→ Task details:
An exact transcription of every record is needed, leaving out the pictures.

Entries taken from a collection:
======

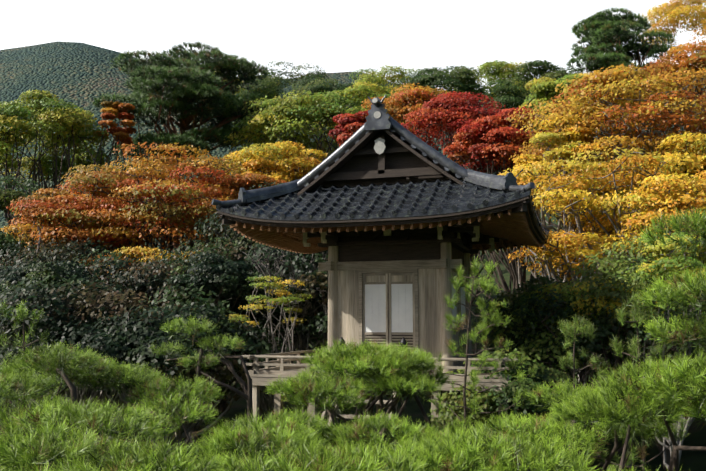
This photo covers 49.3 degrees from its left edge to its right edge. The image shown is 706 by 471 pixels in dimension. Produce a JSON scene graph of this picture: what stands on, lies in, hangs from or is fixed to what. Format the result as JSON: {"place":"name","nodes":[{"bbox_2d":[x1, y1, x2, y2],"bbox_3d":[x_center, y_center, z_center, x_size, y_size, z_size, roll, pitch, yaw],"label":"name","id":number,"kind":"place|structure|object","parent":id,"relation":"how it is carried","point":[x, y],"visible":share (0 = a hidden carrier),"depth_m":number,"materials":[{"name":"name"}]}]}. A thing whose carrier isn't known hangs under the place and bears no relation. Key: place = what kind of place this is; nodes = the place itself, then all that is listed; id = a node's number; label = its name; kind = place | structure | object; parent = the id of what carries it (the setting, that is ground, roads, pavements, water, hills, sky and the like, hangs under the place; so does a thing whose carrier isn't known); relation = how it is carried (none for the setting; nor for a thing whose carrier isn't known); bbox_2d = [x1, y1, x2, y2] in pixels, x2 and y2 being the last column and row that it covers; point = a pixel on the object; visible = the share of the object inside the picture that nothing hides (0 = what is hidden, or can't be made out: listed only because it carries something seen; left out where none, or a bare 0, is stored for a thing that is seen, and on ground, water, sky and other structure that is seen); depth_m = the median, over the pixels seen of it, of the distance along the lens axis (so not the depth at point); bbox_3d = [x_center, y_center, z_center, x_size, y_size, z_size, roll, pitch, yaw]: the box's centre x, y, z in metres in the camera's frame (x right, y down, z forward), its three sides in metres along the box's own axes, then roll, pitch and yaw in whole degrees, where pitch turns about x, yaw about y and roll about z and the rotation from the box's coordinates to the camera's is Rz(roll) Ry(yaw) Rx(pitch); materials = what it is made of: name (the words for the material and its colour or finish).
{"place":"outdoors","nodes":[
{"label":"outdoors","id":0,"kind":"place"},
{"bbox_2d":[0,41,705,470],"bbox_3d":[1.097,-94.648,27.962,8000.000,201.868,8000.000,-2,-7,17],"label":"terrain","id":1,"kind":"structure","parent":0,"point":[80,75],"depth_m":406.59,"materials":[{"name":"green plant"}]},
{"bbox_2d":[35,227,46,261],"bbox_3d":[-10.369,1.915,24.521,2.278,4.518,1.629,-2,-7,17],"label":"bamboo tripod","id":2,"kind":"object","parent":1,"relation":"on","point":[41,241],"visible":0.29,"depth_m":25.04,"materials":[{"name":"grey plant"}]},
{"bbox_2d":[193,349,203,399],"bbox_3d":[-2.441,2.249,12.059,0.176,0.932,0.069,2,-7,-20],"label":"pine trunk","id":3,"kind":"object","parent":1,"relation":"on","point":[199,366],"visible":0.54,"depth_m":12.07,"materials":[{"name":"brown plant"}]},
{"bbox_2d":[0,5,705,470],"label":"needles","id":4,"kind":"object","parent":3,"relation":"attached to","point":[634,403],"visible":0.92,"depth_m":8.85,"materials":[{"name":"green plant"}]},
{"bbox_2d":[0,36,705,470],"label":"branches","id":5,"kind":"object","parent":1,"relation":"on","point":[672,462],"depth_m":20.90,"materials":[{"name":"plant"}]},
{"bbox_2d":[0,0,705,439],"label":"leaves","id":6,"kind":"object","parent":5,"relation":"attached to","point":[182,276],"visible":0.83,"depth_m":22.68,"materials":[{"name":"orange plant"}]},
{"bbox_2d":[242,258,519,435],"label":"horizontal wooden beams","id":7,"kind":"structure","parent":1,"relation":"on","point":[264,376],"depth_m":15.65,"materials":[{"name":"brown wood"}]},
{"bbox_2d":[212,95,552,229],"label":"roof ridges","id":8,"kind":"object","parent":7,"relation":"on","point":[387,121],"visible":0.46,"depth_m":15.48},
{"bbox_2d":[372,98,385,154],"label":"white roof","id":9,"kind":"structure","parent":8,"relation":"attached to","point":[379,147],"depth_m":15.59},
{"bbox_2d":[217,130,547,250],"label":"roof fascia boards","id":10,"kind":"object","parent":7,"relation":"on","point":[362,162],"visible":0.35,"depth_m":15.62,"materials":[{"name":"brown wood"}]},
{"bbox_2d":[216,160,549,237],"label":"roof tiles","id":11,"kind":"object","parent":10,"relation":"on","point":[384,200],"visible":0.35,"depth_m":14.89,"materials":[{"name":"grey tile"}]},
{"bbox_2d":[230,206,543,254],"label":"roof soffit","id":12,"kind":"structure","parent":7,"relation":"on","point":[514,228],"depth_m":15.69,"materials":[{"name":"brown wood"}]},
{"bbox_2d":[252,242,528,466],"bbox_3d":[1.097,2.925,16.859,5.010,5.240,5.010,-2,-7,17],"label":"grey pavilion wood","id":13,"kind":"object","parent":1,"relation":"on","point":[434,286],"visible":0.27,"depth_m":15.82,"materials":[{"name":"grey wood"}]},
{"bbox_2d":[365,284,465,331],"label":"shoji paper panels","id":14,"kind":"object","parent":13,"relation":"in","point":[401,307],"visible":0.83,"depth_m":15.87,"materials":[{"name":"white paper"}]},
{"bbox_2d":[0,0,705,92],"label":"sky","id":15,"kind":"structure","parent":0,"point":[336,36],"materials":[{"name":"white"}]},
{"bbox_2d":[338,337,406,373],"bbox_3d":[0.366,2.318,14.575,1.352,0.790,0.132,-2,-7,17],"label":"pavilion giboshi","id":16,"kind":"object","parent":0,"point":[403,341],"visible":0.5,"depth_m":14.41,"materials":[{"name":"brown wood"}]},
{"bbox_2d":[296,219,498,349],"bbox_3d":[1.097,1.269,17.047,3.920,2.894,3.920,-2,-7,17],"label":"dark pavilion wood","id":17,"kind":"object","parent":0,"point":[417,243],"visible":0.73,"depth_m":16.00,"materials":[{"name":"brown wood"}]},
{"bbox_2d":[303,222,494,254],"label":"brackets","id":18,"kind":"object","parent":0,"point":[388,232],"visible":0.44,"depth_m":15.93,"materials":[{"name":"brown wood"}]}
]}

======

→ Output of the exercise:
This photo covers 49.3 degrees from its left edge to its right edge. The image shown is 706 by 471 pixels in dimension. Produce a JSON scene graph of this picture: what stands on, lies in, hangs from or is fixed to what. Format the result as JSON: {"place":"name","nodes":[{"bbox_2d":[x1, y1, x2, y2],"bbox_3d":[x_center, y_center, z_center, x_size, y_size, z_size, roll, pitch, yaw],"label":"name","id":number,"kind":"place|structure|object","parent":id,"relation":"how it is carried","point":[x, y],"visible":share (0 = a hidden carrier),"depth_m":number,"materials":[{"name":"name"}]}]}. A thing whose carrier isn't known hangs under the place and bears no relation. Key: place = what kind of place this is; nodes = the place itself, then all that is listed; id = a node's number; label = its name; kind = place | structure | object; parent = the id of what carries it (the setting, that is ground, roads, pavements, water, hills, sky and the like, hangs under the place; so does a thing whose carrier isn't known); relation = how it is carried (none for the setting; nor for a thing whose carrier isn't known); bbox_2d = [x1, y1, x2, y2] in pixels, x2 and y2 being the last column and row that it covers; point = a pixel on the object; visible = the share of the object inside the picture that nothing hides (0 = what is hidden, or can't be made out: listed only because it carries something seen; left out where none, or a bare 0, is stored for a thing that is seen, and on ground, water, sky and other structure that is seen); depth_m = the median, over the pixels seen of it, of the distance along the lens axis (so not the depth at point); bbox_3d = [x_center, y_center, z_center, x_size, y_size, z_size, roll, pitch, yaw]: the box's centre x, y, z in metres in the camera's frame (x right, y down, z forward), its three sides in metres along the box's own axes, then roll, pitch and yaw in whole degrees, where pitch turns about x, yaw about y and roll about z and the rotation from the box's coordinates to the camera's is Rz(roll) Ry(yaw) Rx(pitch); materials = what it is made of: name (the words for the material and its colour or finish).
{"place":"outdoors","nodes":[
{"label":"outdoors","id":0,"kind":"place"},
{"bbox_2d":[0,41,705,470],"bbox_3d":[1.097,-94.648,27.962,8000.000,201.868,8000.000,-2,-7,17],"label":"terrain","id":1,"kind":"structure","parent":0,"point":[80,75],"depth_m":406.59,"materials":[{"name":"green plant"}]},
{"bbox_2d":[35,227,46,261],"bbox_3d":[-10.369,1.915,24.521,2.278,4.518,1.629,-2,-7,17],"label":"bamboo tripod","id":2,"kind":"object","parent":1,"relation":"on","point":[41,241],"visible":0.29,"depth_m":25.04,"materials":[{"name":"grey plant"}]},
{"bbox_2d":[193,349,203,399],"bbox_3d":[-2.441,2.249,12.059,0.176,0.932,0.069,2,-7,-20],"label":"pine trunk","id":3,"kind":"object","parent":1,"relation":"on","point":[199,366],"visible":0.54,"depth_m":12.07,"materials":[{"name":"brown plant"}]},
{"bbox_2d":[0,5,705,470],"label":"needles","id":4,"kind":"object","parent":3,"relation":"attached to","point":[634,403],"visible":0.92,"depth_m":8.85,"materials":[{"name":"green plant"}]},
{"bbox_2d":[0,36,705,470],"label":"branches","id":5,"kind":"object","parent":1,"relation":"on","point":[672,462],"depth_m":20.90,"materials":[{"name":"plant"}]},
{"bbox_2d":[0,0,705,439],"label":"leaves","id":6,"kind":"object","parent":5,"relation":"attached to","point":[182,276],"visible":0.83,"depth_m":22.68,"materials":[{"name":"orange plant"}]},
{"bbox_2d":[242,258,519,435],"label":"horizontal wooden beams","id":7,"kind":"structure","parent":1,"relation":"on","point":[264,376],"depth_m":15.65,"materials":[{"name":"brown wood"}]},
{"bbox_2d":[212,95,552,229],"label":"roof ridges","id":8,"kind":"object","parent":7,"relation":"on","point":[387,121],"visible":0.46,"depth_m":15.48},
{"bbox_2d":[372,98,385,154],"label":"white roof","id":9,"kind":"structure","parent":8,"relation":"attached to","point":[379,147],"depth_m":15.59},
{"bbox_2d":[217,130,547,250],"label":"roof fascia boards","id":10,"kind":"object","parent":7,"relation":"on","point":[362,162],"visible":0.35,"depth_m":15.62,"materials":[{"name":"brown wood"}]},
{"bbox_2d":[216,160,549,237],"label":"roof tiles","id":11,"kind":"object","parent":10,"relation":"on","point":[384,200],"visible":0.35,"depth_m":14.89,"materials":[{"name":"grey tile"}]},
{"bbox_2d":[230,206,543,254],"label":"roof soffit","id":12,"kind":"structure","parent":7,"relation":"on","point":[514,228],"depth_m":15.69,"materials":[{"name":"brown wood"}]},
{"bbox_2d":[252,242,528,466],"bbox_3d":[1.097,2.925,16.859,5.010,5.240,5.010,-2,-7,17],"label":"grey pavilion wood","id":13,"kind":"object","parent":1,"relation":"on","point":[434,286],"visible":0.27,"depth_m":15.82,"materials":[{"name":"grey wood"}]},
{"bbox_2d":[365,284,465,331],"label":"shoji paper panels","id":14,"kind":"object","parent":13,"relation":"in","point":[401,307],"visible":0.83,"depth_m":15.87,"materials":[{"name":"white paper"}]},
{"bbox_2d":[0,0,705,92],"label":"sky","id":15,"kind":"structure","parent":0,"point":[336,36],"materials":[{"name":"white"}]},
{"bbox_2d":[338,337,406,373],"bbox_3d":[0.366,2.318,14.575,1.352,0.790,0.132,-2,-7,17],"label":"pavilion giboshi","id":16,"kind":"object","parent":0,"point":[403,341],"visible":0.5,"depth_m":14.41,"materials":[{"name":"brown wood"}]},
{"bbox_2d":[296,219,498,349],"bbox_3d":[1.097,1.269,17.047,3.920,2.894,3.920,-2,-7,17],"label":"dark pavilion wood","id":17,"kind":"object","parent":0,"point":[417,243],"visible":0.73,"depth_m":16.00,"materials":[{"name":"brown wood"}]},
{"bbox_2d":[303,222,494,254],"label":"brackets","id":18,"kind":"object","parent":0,"point":[388,232],"visible":0.44,"depth_m":15.93,"materials":[{"name":"brown wood"}]}
]}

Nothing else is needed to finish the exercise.